A modern security feature: prevents a hacker from decrypting past data even if they get the certificate key.
Supported with modern TLS configurations.

TLS 1.3 Support

The latest version of TLS — faster and more secure.
Avi supports TLS 1.3, including configuration of cipher suites.

SNI (Server Name Indication)

Allows one IP address to host multiple HTTPS websites with different SSL certs.
Avi uses SNI to direct traffic based on hostname (e.g., site1.com vs. site2.com).

3.4 Health Monitoring

Avi constantly checks if your backend servers are healthy and reachable.

Common Health Monitor Types

ICMP (Ping): Is the server online?
TCP: Can a connection be opened?
HTTP/HTTPS: Can the server return a 200 OK page?
DNS: Is the DNS server responding?
LDAP/RADIUS: For directory or authentication server checks.

Active Monitoring

Avi sends regular probes (e.g., every 5 seconds) to each server.

Passive Monitoring

Avi watches real traffic and reacts if it sees:
- Many timeouts
- Error codes
- Connection failures

Custom Monitors

You can create custom health checks (e.g., check for a specific response or keyword).

4. Analytics and Telemetry

Avi isn’t just a load balancer — it’s also an observability platform. That means it helps you see what’s happening in real time — in your apps, your network, your performance — and troubleshoot problems faster.

4.1 Real-Time Application Insights

Avi gives deep visibility into your application’s performance and health. This means it can track every transaction, from the user’s device to your backend server.

Here’s what Avi can show you in real time:

Latency

Measures how long it takes for a user to get a response.
Avi breaks this into:
- Client to SE latency (network delay)
- SE processing time
- SE to server latency (how fast the backend replies)

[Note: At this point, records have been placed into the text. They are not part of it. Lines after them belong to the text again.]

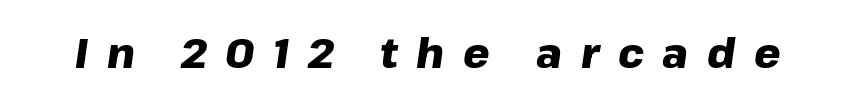
Q: Is the text bold? A: Yes.
Q: Is the text italic (slanted)? A: Yes, it leans right by about 8 degrees.
Q: Is the text underlined? A: No.
Q: Is the spacing between letters normal or unusually wide? A: Unusually wide.
Q: Width (condensed, normal, or wide)? A: Normal.
Q: Stroke contrast? A: Low.
Q: x-height? A: Medium.
Q: Monospaced? A: No.
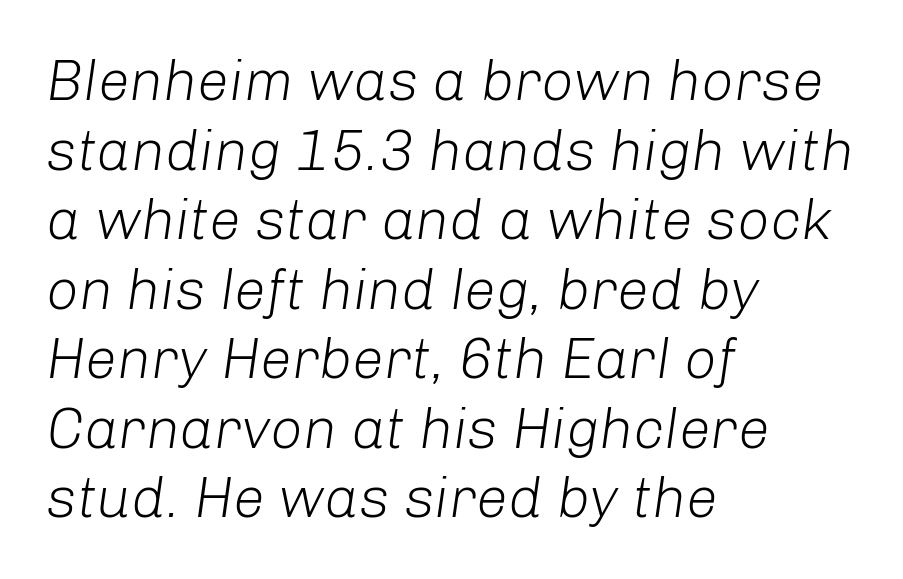
Q: Is the text bold? A: No.
Q: Is the text italic (slanted)? A: Yes, it leans right by about 8 degrees.
Q: Is the text underlined? A: No.
Q: How is the paragraph aligned? A: Left-aligned.
Q: Is the spacing between letters normal or unusually wide? A: Normal.
Q: Width (condensed, normal, or wide)? A: Normal.
Q: Stroke contrast? A: Low.
Q: x-height? A: Medium.
Q: Monospaced? A: No.

This helps you identify where the slowness is happening.

Throughput

Shows how much data is flowing through a Virtual Service.
Example: 500 Mbps of HTTPS traffic to app.mycompany.com.

Error Rates

Tracks application and connection errors, such as:
- HTTP 4xx and 5xx errors
- TCP resets
- SSL handshake failures

You can drill down to find:

Which user had the error
Which server caused it
What time it happened

SSL Handshake Statistics

Tracks:
- How many secure connections are made
- How long the TLS handshakes take
- What TLS versions and ciphers are being used

L7 (Layer 7) HTTP Header and Cookie Data

Avi can analyze HTTP headers, cookies, and URLs.
Useful for debugging:
- Session cookies
- Custom headers
- User-agent strings (browser info)

Why It Matters:

These insights help you:

Troubleshoot faster
Identify performance issues
Understand user behavior
Improve reliability

4.2 Logging and Metrics

Avi collects both logs and time-series metrics.

Real-Time Streaming Logs

Every request can be logged live, in real time.
You can stream logs to:
- Syslog servers
- Kafka clusters
- Elasticsearch (ELK stack)
- vRealize Log Insight

You can search logs using:

IP address
URL path
HTTP status code
SSL cipher
Client country (Geo-IP)

Custom Dashboards

The Controller UI includes visual dashboards showing:
- Traffic graphs
- Error trends
- Top clients or URLs
- Health scores over time

You can also build your own dashboards or export the data into tools like Grafana or Datadog.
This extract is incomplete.